La crisis de resultados sitúa al Atzeneta UE "en la UCI" a falta de siete finales para el cierre de la liga

El club valldalbaidí marca el límite de la salvación con solo dos puntos de ventaja sobre el descenso y el director deportivo Jesús Soler alerta sobre el peligro del efecto arrastre

Declaraciones de Jesús Soler sobre el futuro del Atzeneta UE y la amenaza del efecto arrastre

Atzeneta d'Albaida (La Vall d'Albaida)

El Atzeneta UE atraviesa su momento más crítico de la temporada tras la dolorosa derrota sufrida este domingo en su propio feudo. El equipo llegaba a la cita con la urgencia máxima de vencer a un rival directo como el Utiel para romper una dinámica negativa y escapar de la zona de peligro, pero el resultado fue un contundente 1-3 que deja al club en una situación límite.

Tras la destitución el pasado jueves de Luís Navarro, el conjunto "taronja" saltó al campo bajo la dirección interina del preparador físico, Pablo Carbonell, con el objetivo de lograr un revulsivo anímico que finalmente no se produjo sobre el césped de El Regit.

El encuentro se puso cuesta arriba casi desde el pitido inicial, ya que a los nueve minutos el Utiel se adelantó gracias a una acción de Diego Junquero. Antes del descanso, el equipo visitante amplió la ventaja mediante Rolanía, dejando al Atzeneta moralmente hundido. En la segunda mitad, la sentencia definitiva llegó en el minuto 53 con el 0-3, de nuevo obra de Rolanía tras un centro lateral.

Aunque Leo Ramírez consiguió maquillar el marcador desde el punto de penalti en los instantes finales, la sensación de impotencia fue evidente. El Atzeneta se sitúa ahora a solo dos puntos del descenso directo, una realidad alarmante para una entidad acostumbrada a cotas más altas.

Jesús Soler analiza la gravedad del momento

El director deportivo del Atzeneta, Jesús Soler, ha analizado en SER DEPORTIVOS la delicada situación que vive el primer equipo. Soler no ha ocultado la preocupación que reina en la planta noble del club y ha sido muy gráfico al describir el estado actual de la plantilla.
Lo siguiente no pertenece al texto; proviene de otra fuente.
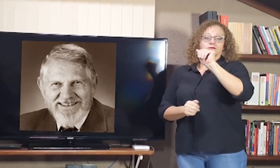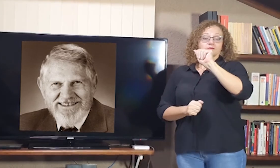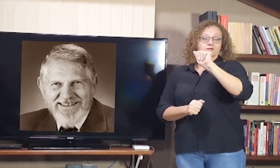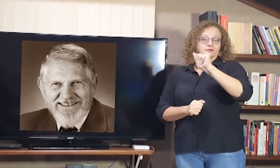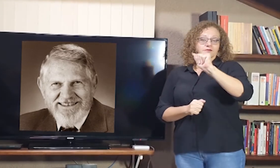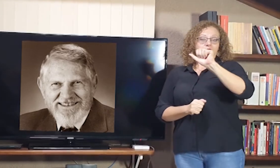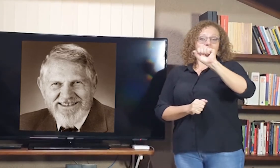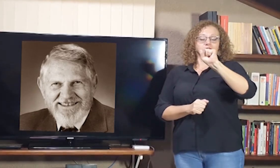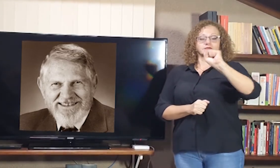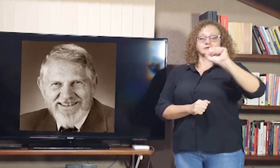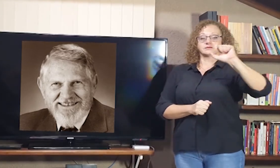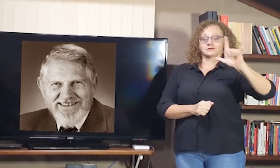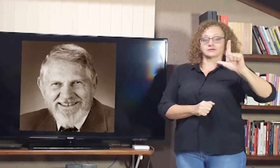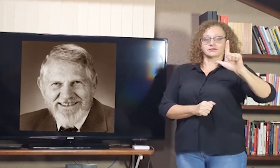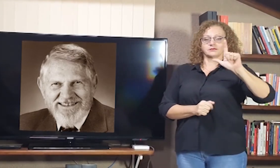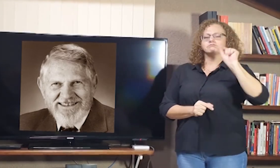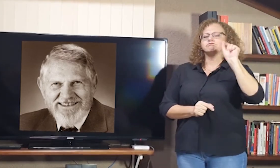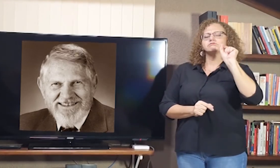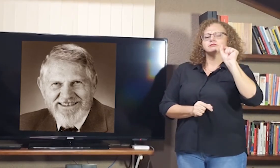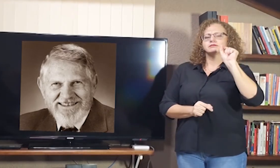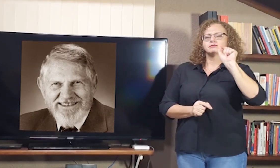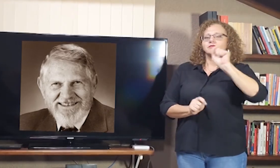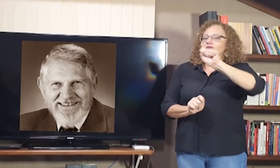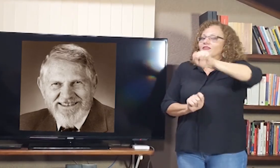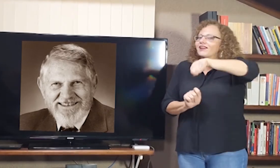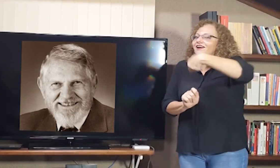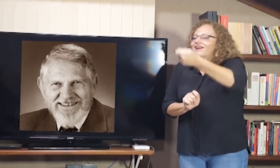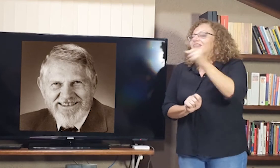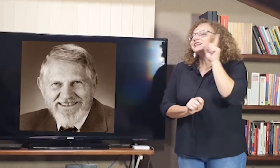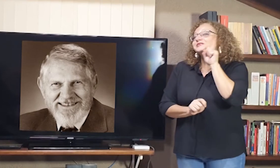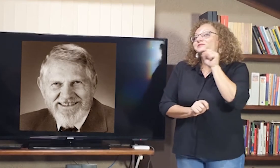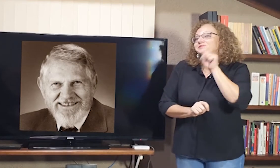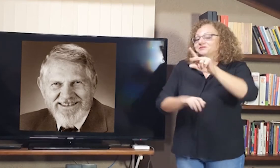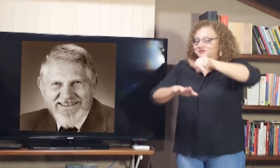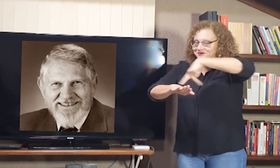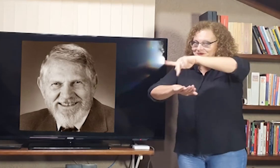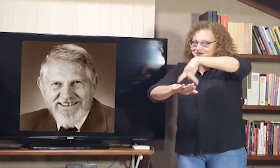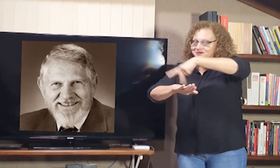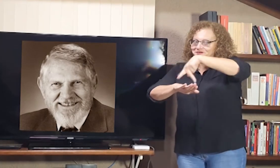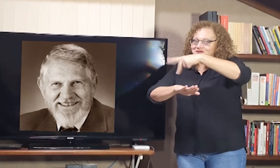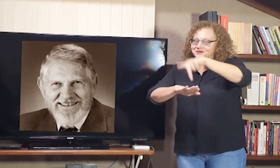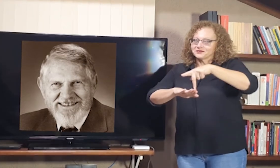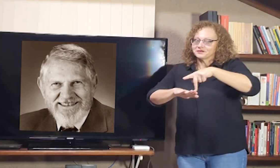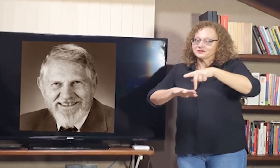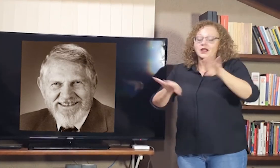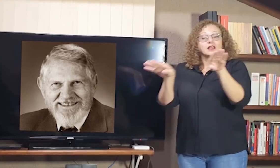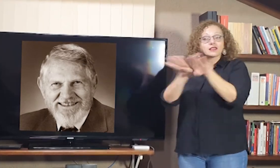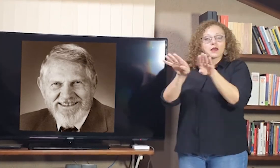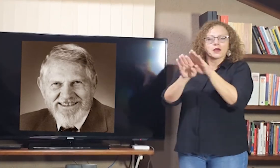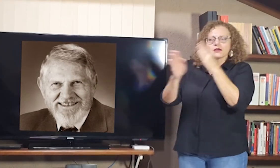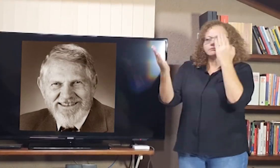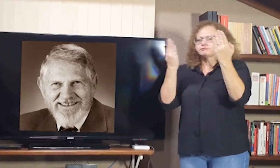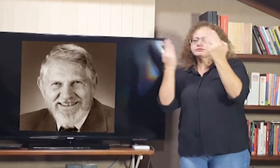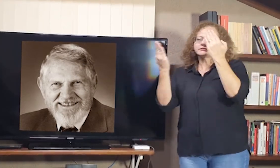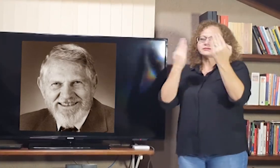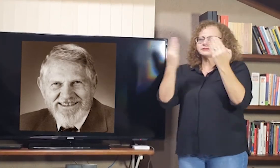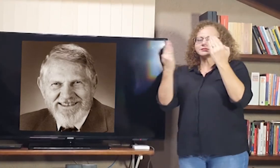sobre a ASL, que é a língua de sinais dos Estados Unidos.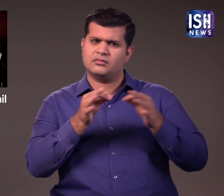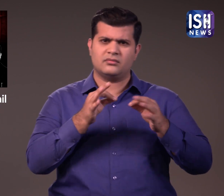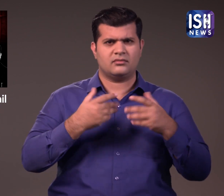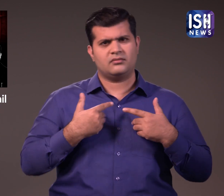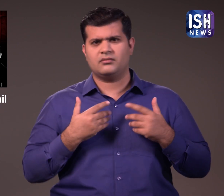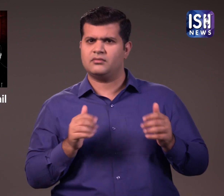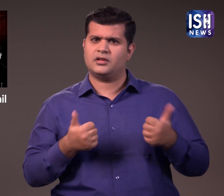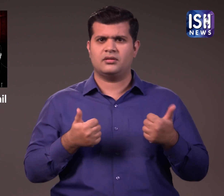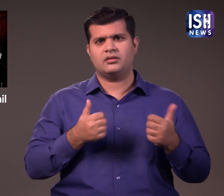है

Según el directivo, "la situación está bastante mal, estamos en la UCI".

Soler reconoció que el equipo se encuentra "rozando los puestos de descenso, marcando el límite entre la salvación y la caída de categoría", algo que genera una tensión máxima dada la escasez de margen de maniobra.

El responsable de la parcela deportiva hizo hincapié en que el tiempo se agota, recordando que "quedan muy pocas jornadas, apenas siete finales en las que hay que conseguir los puntos necesarios para lograr la permanencia". Soler lamentó que, a pesar de los intentos por cambiar el rumbo, el equipo parece bloqueado en los momentos decisivos.
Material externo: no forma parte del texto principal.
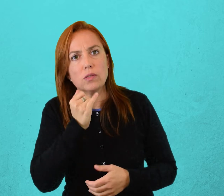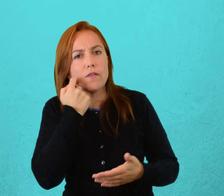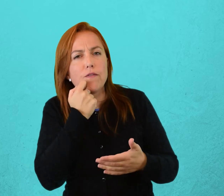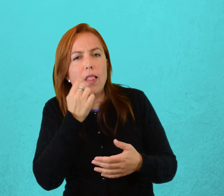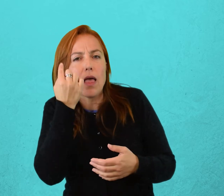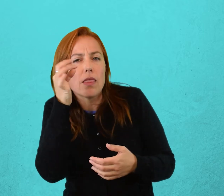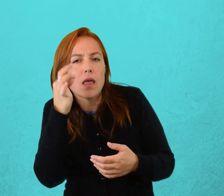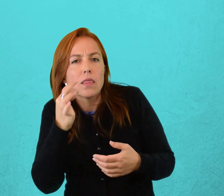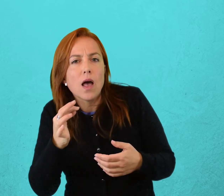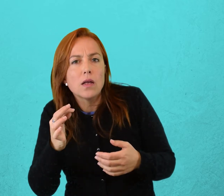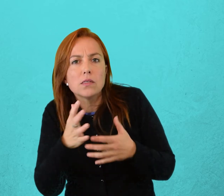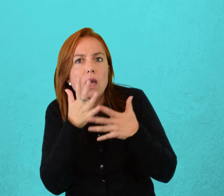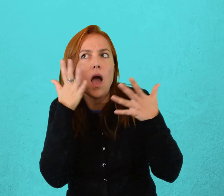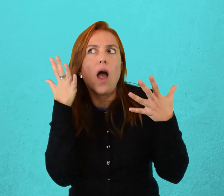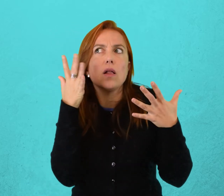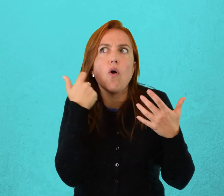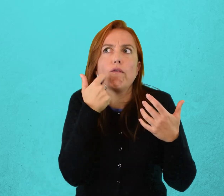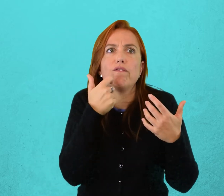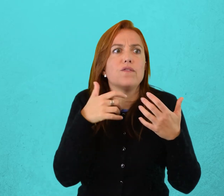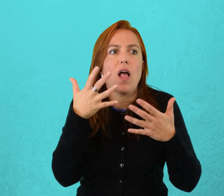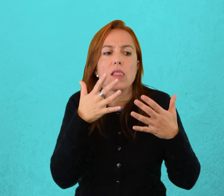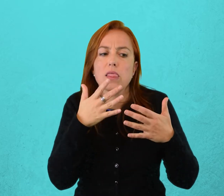algún detalle, algo quedará por ahí perdido.

"Es una verdadera lástima la situación en la que nos encontramos, pero en estos momentos hay que ser solventes para continuar un año más en Tercera Federación", afirmó con contundencia, subrayando que la prioridad absoluta es salvar la categoría por encima de cualquier otra consideración estética o deportiva.

La amenaza del efecto arrastre y la autocrítica de la directiva

Uno de los factores que más inquieta en el seno del Atzeneta es el llamado "efecto arrastre", un mecanismo por el cual los descensos de equipos valencianos desde Segunda Federación podrían provocar caídas adicionales en Tercera. Soler admitió que el club está muy pendiente de esta posibilidad, ya que "estamos condicionados por lo que pase con los arrastres de Segunda a Tercera y su consecuencia en las categorías regionales".
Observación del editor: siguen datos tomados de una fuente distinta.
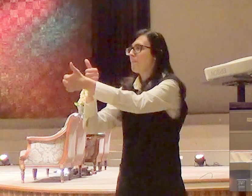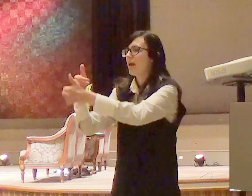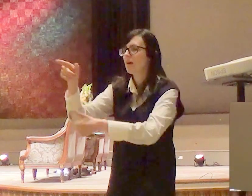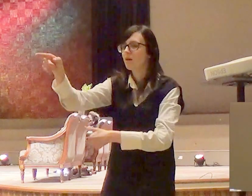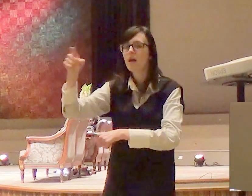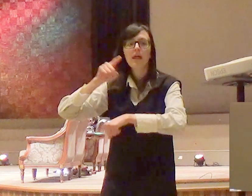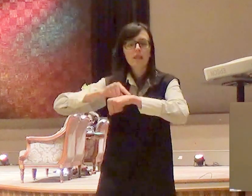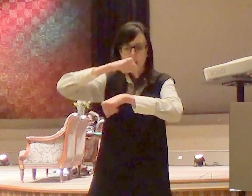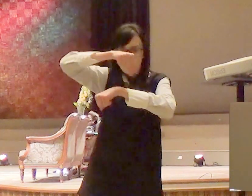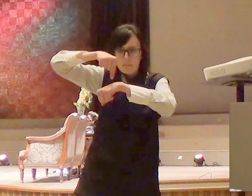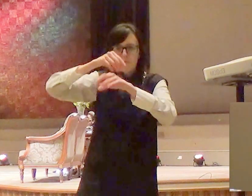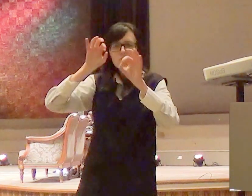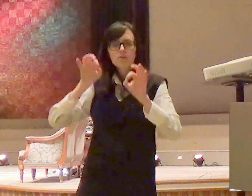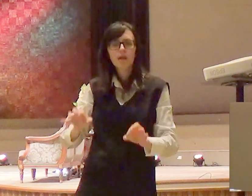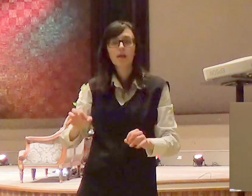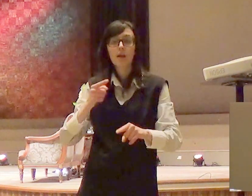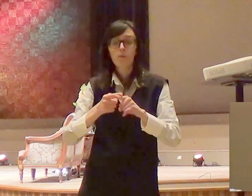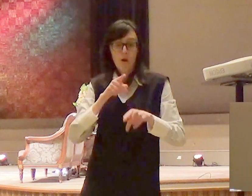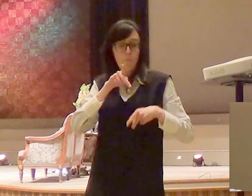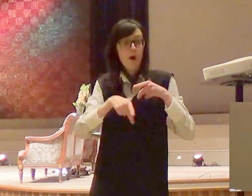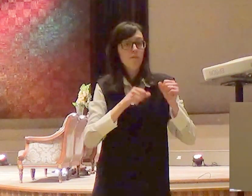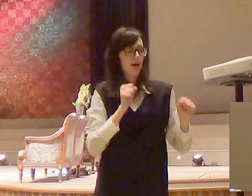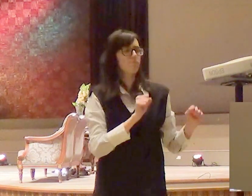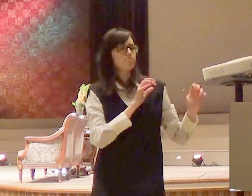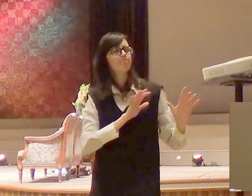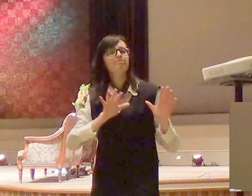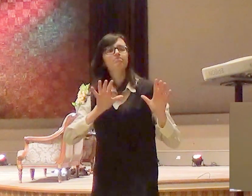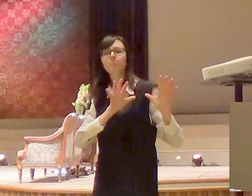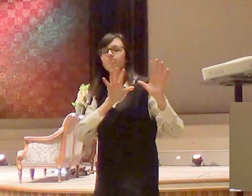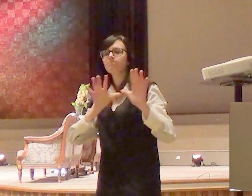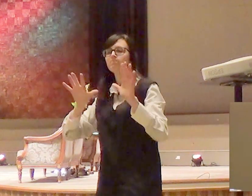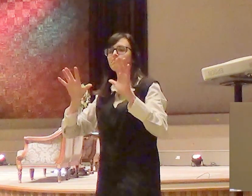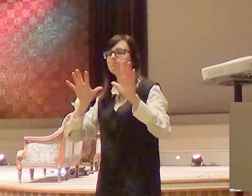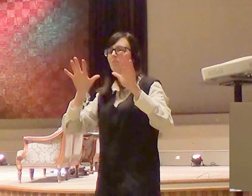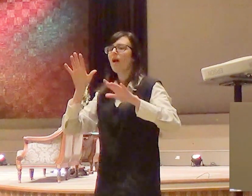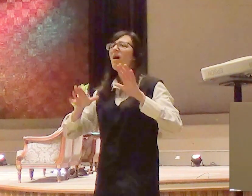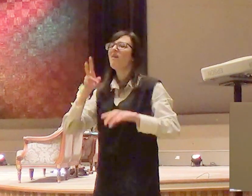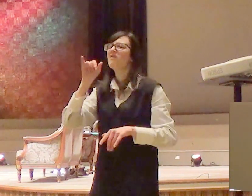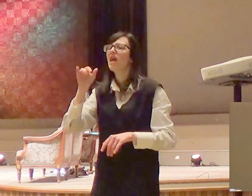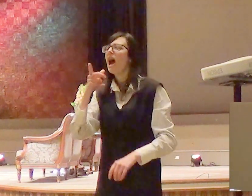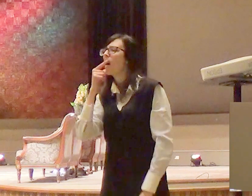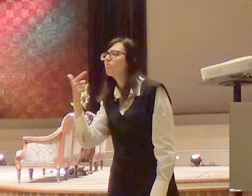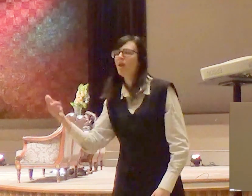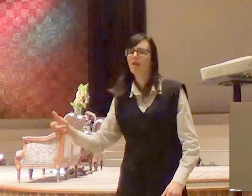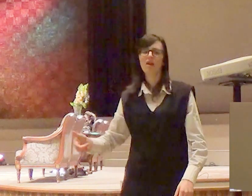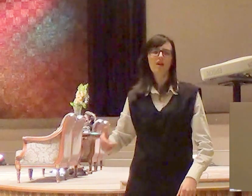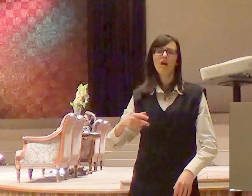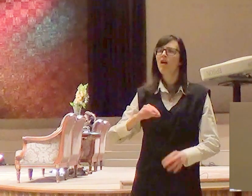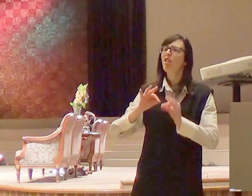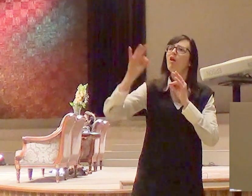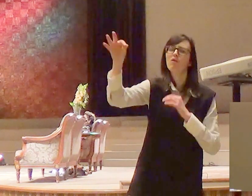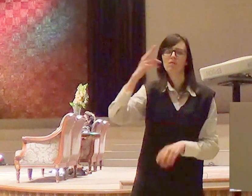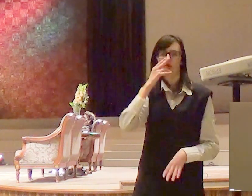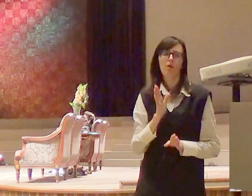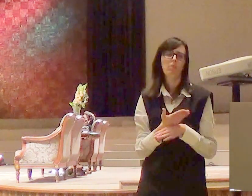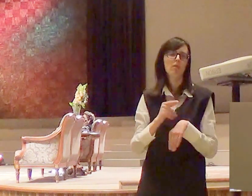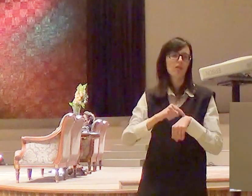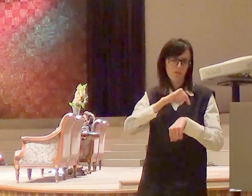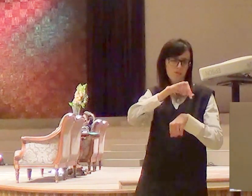de maneira que o povo possa caminhar até lá sem perdas. É isso que eu faria, eu acho que você faria também. Agora você

Esta incertidumbre obliga al equipo a no conformarse con evitar los últimos tres puestos, sino a escalar posiciones para no verse perjudicado por los resultados de terceros equipos de la Comunitat Valenciana.

En cuanto al rendimiento de la plantilla, Soler fue muy crítico con los errores cometidos en las últimas jornadas, señalando que "nos cuesta muchísimo marcar goles y, en cambio, nos marcan goles tontos, de niños, por falta de confianza".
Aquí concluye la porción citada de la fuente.